In 80 Zeilen um die Welt: 20 Kilo Freigepäck

Andreas Döring reist für uns "In 80 Zeilen um die Welt".
20 Kilo Freigepäck, Foto von Andreas Döring
20 Kilo Freigepäck, Foto von Andreas Döring

Das war in Santiago de Chile, am Flughafen. So eine peinliche Situation vergisst man nicht. Das Schöne daran: es war jemand anders peinlich, nicht mir. Wir hatten gerade 31 Tage an Bord der World Discoverer hinter uns, Fidschi bis Osterinsel, eine Südsee-Traumreise. Und jetzt wollten alle mit Iberia nach Hause fliegen. Ein Passagier hatte 15 Kilo Gepäck zu viel - er hatte überall Souvenirs, Klamotten und Bildbände gekauft. Ein Oberlandeskirchenrat, der sich an Bord weder durch christliche Demut noch Nächstenliebe beliebt gemacht hatte. Und deshalb half ihm niemand, als er fragte, wer denn noch ein bisschen Platz im Koffer hätte. Iberia ist streng und es hat ihn, meine ich, um die 200 Dollar gekostet. Aber mal ganz ohne Häme: wie macht man das mit dem Gepäck? In Zeiten der Billigfliegerei und erst recht der Rollkoffer schwieriger denn je. "Nimm nie mehr mit, als Du selber tragen kannst" - damit bin ich groß geworden und manchmal muss ich mir auf die Zunge beißen, um es nicht Mitreisenden um die Ohren zu hauen, die ihre riesigen Koffer keinen Bordstein rauf schaffen oder im Flieger für Fototasche, Duty-Free-Tüte, Cabin Bag, Handtasche, Rucksack und Strohhut Stauraum für zwei beanspruchen. Ganz zu schweigen von denen, die zwar mit leichtem Gepäck reisen, aber trotzdem selbst für die zwölf Stufen zur Bahnhofsvorhalle in Magdeburg unbedingt den Fahrstuhl nehmen müssen. Seelenruhig. Schwer bepackte Radfahrer mit vier Minuten Umsteigezeit interessieren da null. Ein Forschungsreisender, der sein Gepäck für Unternehmungen wie vier Monate Antarktis oder eine Sahara-Querung parat haben muss, hat mal in einem Interview gesagt, er packe nicht nach dem Prinzip "was kann ich gebrauchen", sondern er folge dem Grundsatz "was kann ich nicht entbehren!" - das sind dann nur noch ein paar Kilo. Na klar, wer all seine Sachen bei Plus 40 oder Minus 30 Grad auf dem Buckel hat. Das ist zwar kein Maßstab, aber immer einen Gedanken wert, wenns ans Packen geht. Meine Freundin hat ihre Yoga-Matte und ihr Spezial-Kopfkissen für unentbehrlich erklärt - jedesmal schüttele ich den Kopf, und doch: bei jedem Check-in unterbietet sie mich um zwei, drei Kilo.

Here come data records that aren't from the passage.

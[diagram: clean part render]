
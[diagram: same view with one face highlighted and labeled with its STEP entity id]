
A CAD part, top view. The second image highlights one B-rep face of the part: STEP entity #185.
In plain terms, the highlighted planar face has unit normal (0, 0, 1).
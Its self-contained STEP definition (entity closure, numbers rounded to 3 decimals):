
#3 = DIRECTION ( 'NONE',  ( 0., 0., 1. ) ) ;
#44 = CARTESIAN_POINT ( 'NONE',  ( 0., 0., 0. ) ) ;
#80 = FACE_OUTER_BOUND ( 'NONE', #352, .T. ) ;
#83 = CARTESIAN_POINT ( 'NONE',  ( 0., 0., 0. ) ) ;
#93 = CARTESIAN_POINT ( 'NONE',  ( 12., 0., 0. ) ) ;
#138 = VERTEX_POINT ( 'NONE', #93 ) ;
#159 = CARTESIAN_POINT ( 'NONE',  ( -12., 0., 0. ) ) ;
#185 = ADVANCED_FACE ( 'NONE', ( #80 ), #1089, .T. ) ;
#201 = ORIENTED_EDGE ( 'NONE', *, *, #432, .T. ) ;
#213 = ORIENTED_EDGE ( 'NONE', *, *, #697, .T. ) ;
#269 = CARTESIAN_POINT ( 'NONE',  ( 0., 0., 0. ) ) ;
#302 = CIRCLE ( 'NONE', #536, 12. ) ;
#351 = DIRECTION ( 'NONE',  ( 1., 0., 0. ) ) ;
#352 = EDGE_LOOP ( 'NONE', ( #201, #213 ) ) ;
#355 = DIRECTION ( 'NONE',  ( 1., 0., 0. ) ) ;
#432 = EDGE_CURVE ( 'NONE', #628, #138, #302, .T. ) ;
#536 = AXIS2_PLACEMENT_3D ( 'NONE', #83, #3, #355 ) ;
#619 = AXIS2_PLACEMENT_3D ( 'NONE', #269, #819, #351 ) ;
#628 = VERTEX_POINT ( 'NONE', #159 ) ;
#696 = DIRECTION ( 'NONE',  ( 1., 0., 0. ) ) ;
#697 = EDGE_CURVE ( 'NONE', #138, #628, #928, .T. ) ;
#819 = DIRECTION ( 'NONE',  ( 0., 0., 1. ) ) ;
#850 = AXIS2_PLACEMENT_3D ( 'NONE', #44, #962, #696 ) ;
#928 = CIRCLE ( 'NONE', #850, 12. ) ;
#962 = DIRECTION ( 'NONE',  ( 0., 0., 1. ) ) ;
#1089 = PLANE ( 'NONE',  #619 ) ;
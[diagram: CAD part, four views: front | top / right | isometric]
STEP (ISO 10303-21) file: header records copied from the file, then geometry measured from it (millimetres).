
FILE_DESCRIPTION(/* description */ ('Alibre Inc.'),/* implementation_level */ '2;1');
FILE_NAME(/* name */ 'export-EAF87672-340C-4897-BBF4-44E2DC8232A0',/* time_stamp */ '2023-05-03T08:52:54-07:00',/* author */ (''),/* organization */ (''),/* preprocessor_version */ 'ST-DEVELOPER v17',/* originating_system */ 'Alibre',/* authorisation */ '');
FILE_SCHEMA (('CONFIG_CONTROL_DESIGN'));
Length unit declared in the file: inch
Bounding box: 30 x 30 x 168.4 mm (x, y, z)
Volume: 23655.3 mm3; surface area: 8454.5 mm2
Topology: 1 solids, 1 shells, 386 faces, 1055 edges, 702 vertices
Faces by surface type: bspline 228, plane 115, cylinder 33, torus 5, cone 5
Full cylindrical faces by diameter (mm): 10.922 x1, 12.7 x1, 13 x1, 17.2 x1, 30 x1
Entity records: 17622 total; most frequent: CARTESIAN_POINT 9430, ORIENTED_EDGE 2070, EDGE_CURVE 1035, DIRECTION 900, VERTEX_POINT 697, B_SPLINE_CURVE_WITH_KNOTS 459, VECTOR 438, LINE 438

Andreas Döring, langjähriger Redakteur im NDR Studio Braunschweig, arbeitet als freier Autor im Bereich Reisen und Literatur. Er hat in Windhoek, Namibia, bei 30 Grad im Schatten die Weihnachtssendungen für das deutschsprachige Radioprogramm produziert, in Sambia Dorfschulkinder unterrichtet und ist als Literaturlektor auf Expeditionsschiffen durch Mittelmeer, Karibik und Südsee gefahren. Seine Reisenotizen hat er für uns zu kleinen Geschichten verarbeitet. Döring wurde mehrfach für seine Arbeiten ausgezeichnet, hatte bis 2020 einen Lehrauftrag für Kultur- und Reisejournalismus an der Faber-Castell Akademie und ist in Lesungen auf englisch und deutsch zu hören.